Biraz önce bu yazıyı yazma ilhamı aldığım konu ise belkide size gülünç gelecek. Biraz önce Semizotu yemeği pişirdim. Kimi yörelerde pirpirim diye de geçer. Bahar gibi kokan başka bir sebze bence. Yemek piştikten sonra mutfağımı saran koku bunu yazmalısın dedi. Bu senin hayatında ilk defa pişirdiğin semizotu yemeği değil. Fakat belkide ilk defa kokusunu aldığımda beni gülümsetip yaşadığıma sükrettiren içimde bahar kıpırtılarına sebep olan bir yemek oldu.

Kokular bana çok şey anlatır. Zihnim aldığı kokuyu hemen bir olay ile  birleştirir ve ne zaman aynı kokuyu alsam o an o kişi yada o olay aklıma gelir. Sanırım çoğu insana oluyordur. Hemen o an a giderim. Bu kokuda bugün hafızama bir başka yerleşti. artık her pişirişte o an hissetiğim tazeliği güzelliği ve mutluluğu anımsıycam.

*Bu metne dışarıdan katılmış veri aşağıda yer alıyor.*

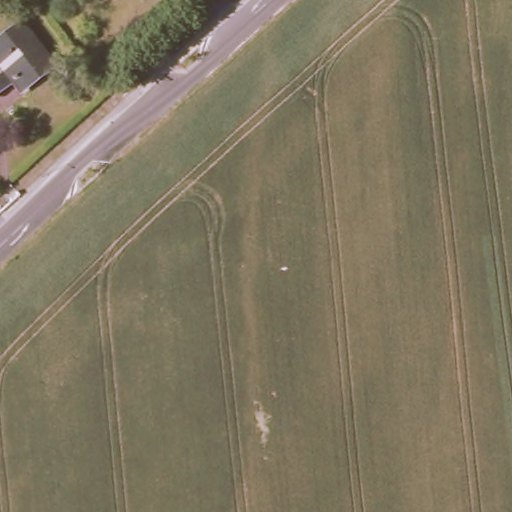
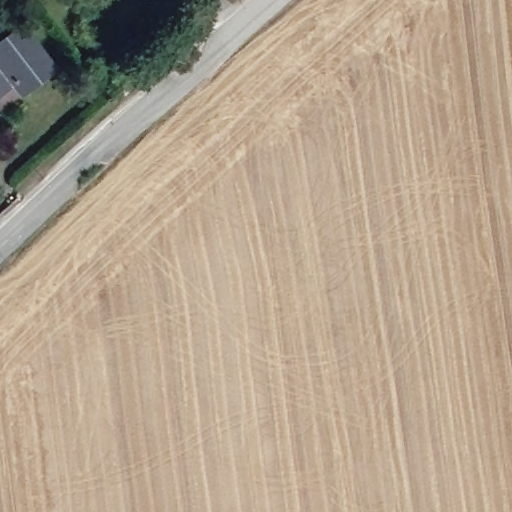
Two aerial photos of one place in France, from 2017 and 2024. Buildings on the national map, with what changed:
unchanged [(52,61),(31,79),(24,69),(3,87),(0,88),(0,39),(23,21),(52,61)]

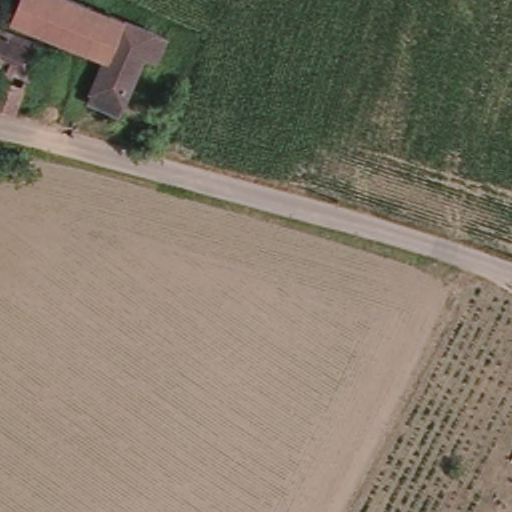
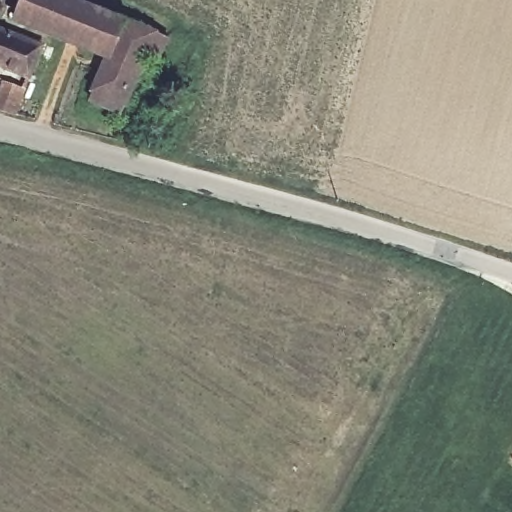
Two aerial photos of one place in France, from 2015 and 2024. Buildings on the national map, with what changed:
unchanged [(10,22),(17,0),(78,0),(117,16),(101,63),(10,22)]
unchanged [(162,36),(152,64),(137,59),(111,121),(82,112),(97,75),(101,63),(117,16),(162,36)]
unchanged [(23,88),(0,78),(0,30),(40,48),(23,88)]
unchanged [(0,112),(0,84),(22,93),(13,118),(0,112)]

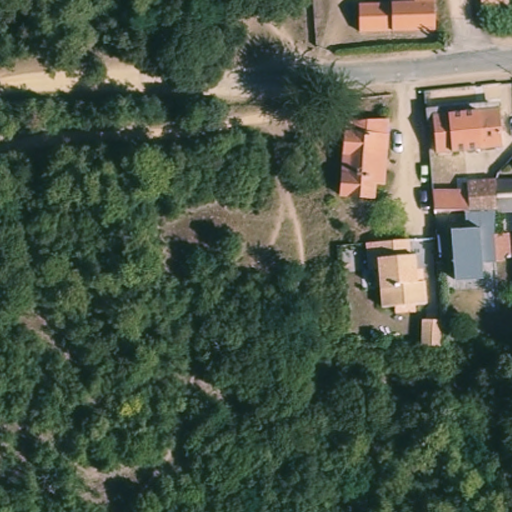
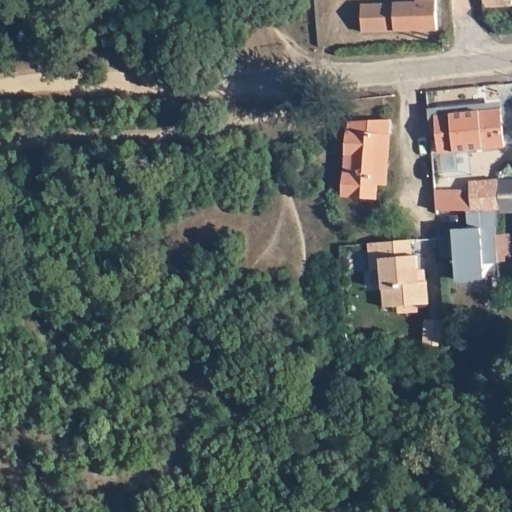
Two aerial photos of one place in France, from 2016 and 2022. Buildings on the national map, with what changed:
unchanged [(420,9),(420,0),(440,0),(441,35),(366,39),(365,11),(420,9)]
unchanged [(511,0),(511,7),(483,9),(483,0),(511,0)]
unchanged [(441,117),(504,111),(507,149),(445,155),(441,117)]
unchanged [(348,127),(389,126),(386,163),(385,179),(384,190),(376,190),(375,205),(342,202),(344,181),(345,162),(348,127)]
unchanged [(430,197),(464,197),(463,187),(493,186),(493,190),(493,216),(481,216),(462,217),(431,217),(430,197)]
unchanged [(493,190),(512,189),(512,216),(493,216),(493,190)]
unchanged [(479,267),(480,280),(453,282),(448,236),(464,235),(462,217),(481,216),(493,216),(492,232),(491,241),(503,240),(505,262),(498,262),(499,267),(498,268),(493,269),(493,266),(479,267)]
unchanged [(406,262),(411,262),(414,288),(421,287),(423,310),(379,313),(374,249),(405,246),(406,262)]
unchanged [(439,352),(420,352),(421,327),(440,328),(439,352)]

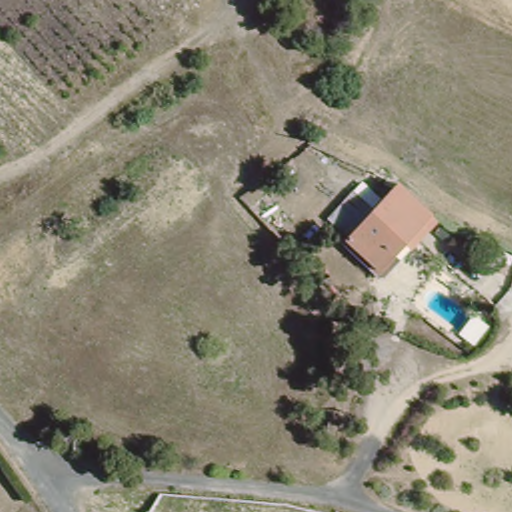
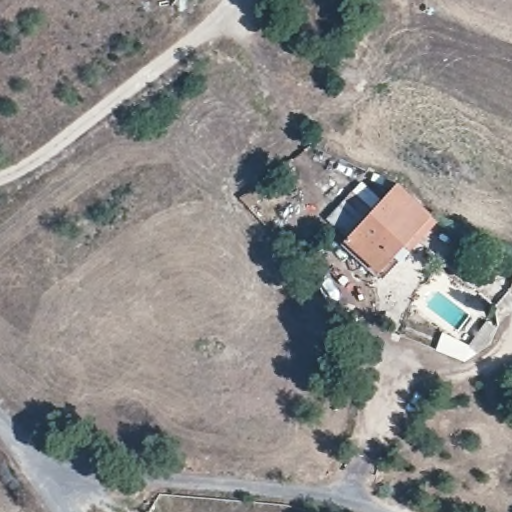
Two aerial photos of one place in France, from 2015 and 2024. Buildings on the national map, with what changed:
unchanged [(387,188),(424,219),(400,249),(389,263),(384,259),(375,271),(342,244),(387,188)]

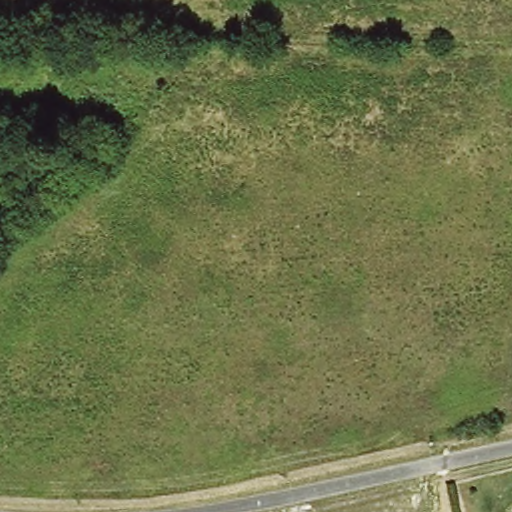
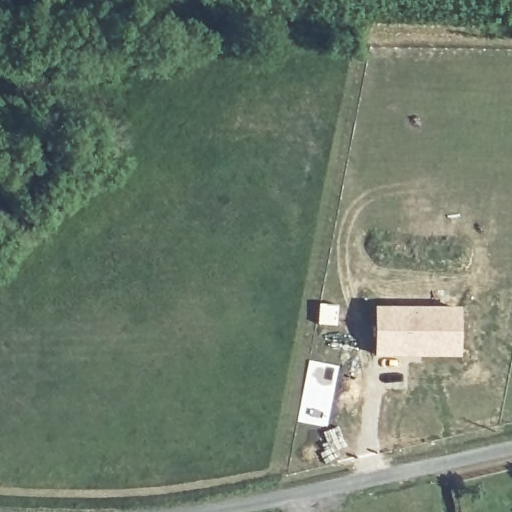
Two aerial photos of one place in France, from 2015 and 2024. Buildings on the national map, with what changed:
new [(374,305),(461,306),(461,357),(373,356),(374,305)]

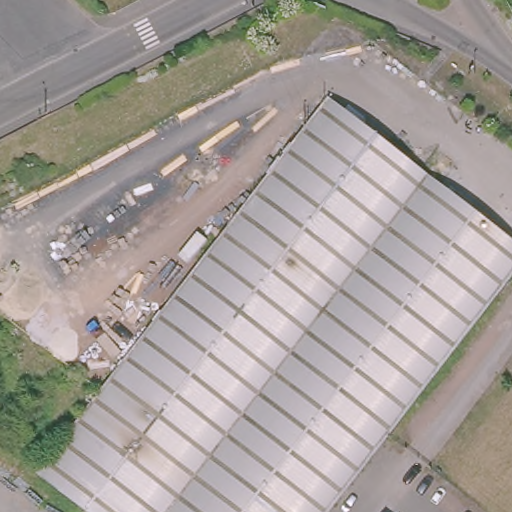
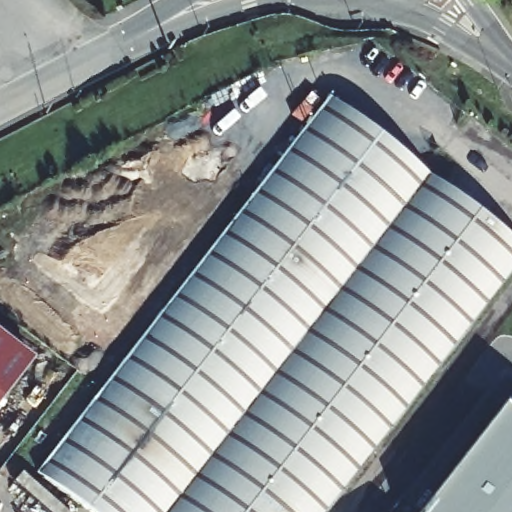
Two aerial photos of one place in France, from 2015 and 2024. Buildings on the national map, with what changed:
unchanged [(327,102),(426,179),(201,471),(101,393),(327,102)]
unchanged [(512,245),(512,276),(328,512),(254,512),(201,471),(426,179),(512,245)]
new [(0,402),(0,336),(32,361),(0,402)]
unchanged [(201,471),(254,512),(86,512),(38,475),(101,393),(201,471)]
new [(505,404),(512,410),(512,512),(421,512),(505,404)]

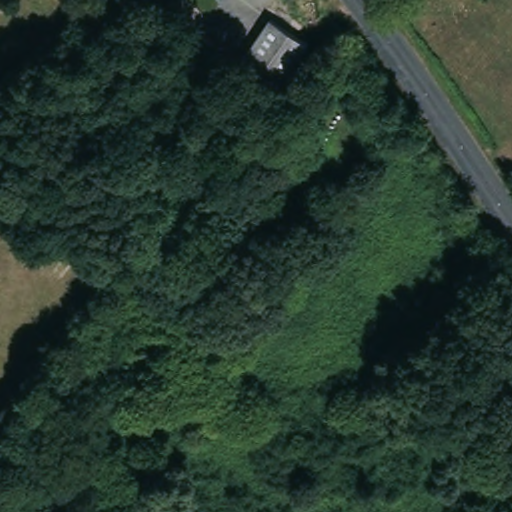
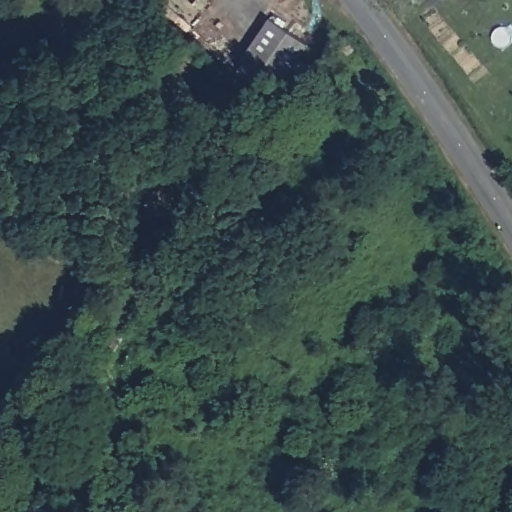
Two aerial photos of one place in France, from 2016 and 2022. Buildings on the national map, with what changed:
unchanged [(265,24),(304,50),(275,91),(237,65),(265,24)]

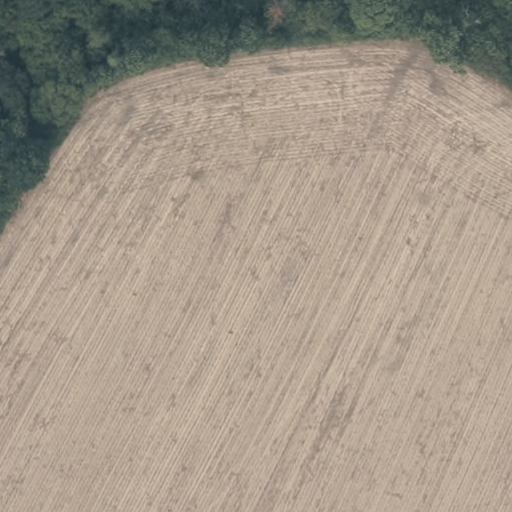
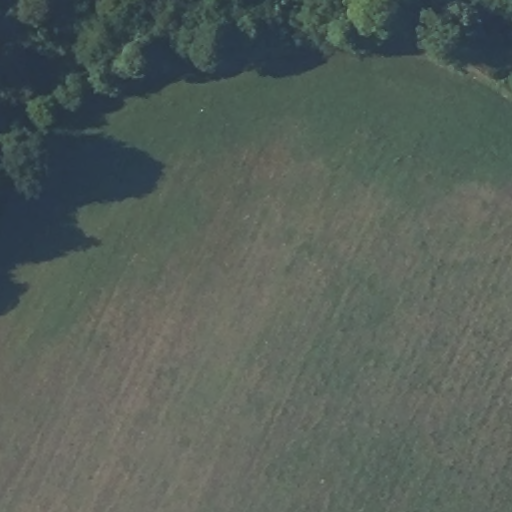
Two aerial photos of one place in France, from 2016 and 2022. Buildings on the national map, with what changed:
[]

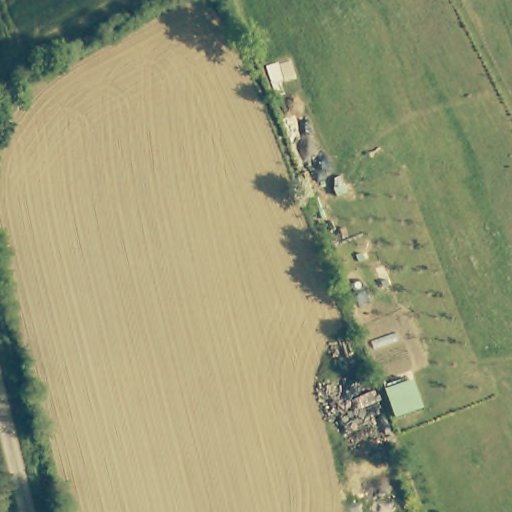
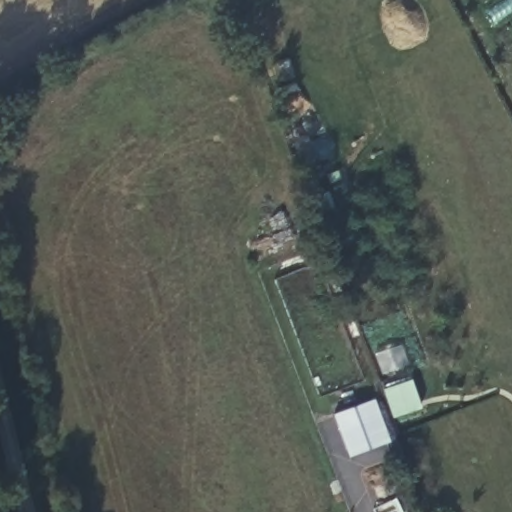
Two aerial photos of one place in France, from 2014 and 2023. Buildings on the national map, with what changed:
new [(411,379),(422,408),(394,417),(384,389),(411,379)]
new [(391,442),(350,458),(334,413),(376,398),(391,442)]

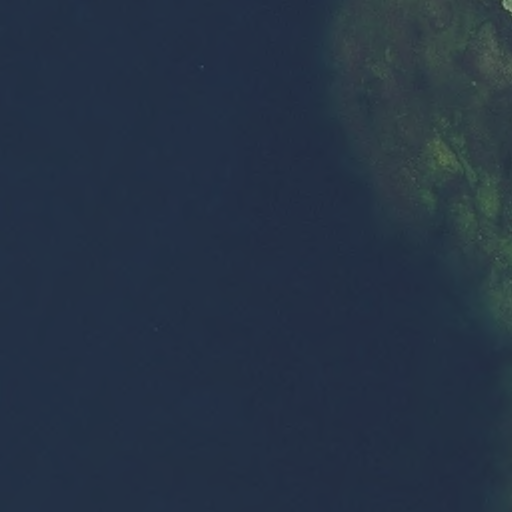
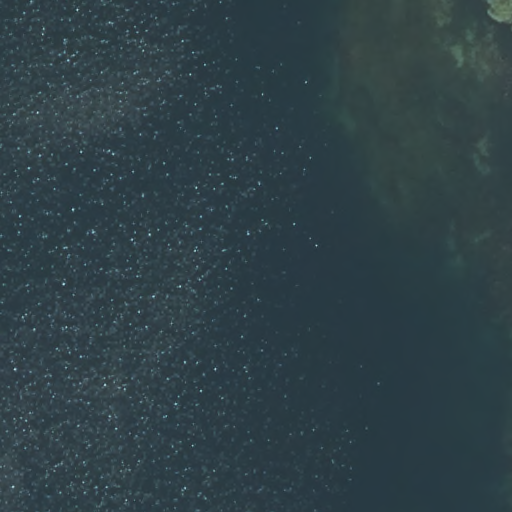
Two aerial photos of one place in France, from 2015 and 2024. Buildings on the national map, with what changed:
[]

Hayatımın bu dönemimde yaşadığımı hisseder oldum dedim ya gerçektende kendimi çok saf ve temiz hissetmeye başladım. Geçen bir sohbette eşimede söyledim. Hayatımın en saf en net en temiz dönemini yaşıyorum diye. Hayatımda iş olmayınca görüşmek zorunda olduğum ama keyif almadığım insanlar  olmayınca entrika yok, dedikodu yok, hırs yok, sinir yok insan ister istemez saflaşıyor. Bu yazdıklarımı modern çalıma hayatında ve büyük şehirlerde yaşayıp ta benim hayatım asla yer almıyor diyemeyiz. İnsan istemesede içinde kötü duygular barındırıyor. Fakat şimdi hayat benim için öyle değil. İnsanlar yaşadığı ortamlara göre değişiyor bazen gelişiyor bazende geriliyormuş bunu anladım.


İlk defa bu baharla mutluluğu kokladım sanırım. Şimdiye kadar mutluluk tanımı yaparken gelip geçicidir bazen piyango gibi vurur derken aslında çok büyük bir yanılgıya düştüğümü farkettim. Hatta sanırım hayatımda ki çoğu olayı değerlendirirken yanılgılarım olmuş şimdi çok daha duru bir gözle görebiliyorum. Mutluluk insanın kendi üretebildiği birşey.

Eskiden aldığım kokuların bir anlamı yokken şuan aldığım her çiçek kokusu, her yemek kokusu beni mutlu ediyor ve şükretmeye sevkediyor. İstanbul dan ayrıldığımdan beri çok daha fazla şükreden bir insan oldum. Her sabah şükredecek bir sürü sebeple uyanıyor her akşam şükredecek bir çok konu buluyorum.


Sizlerede güzel kokulu mutluluk kokan günler dilerim.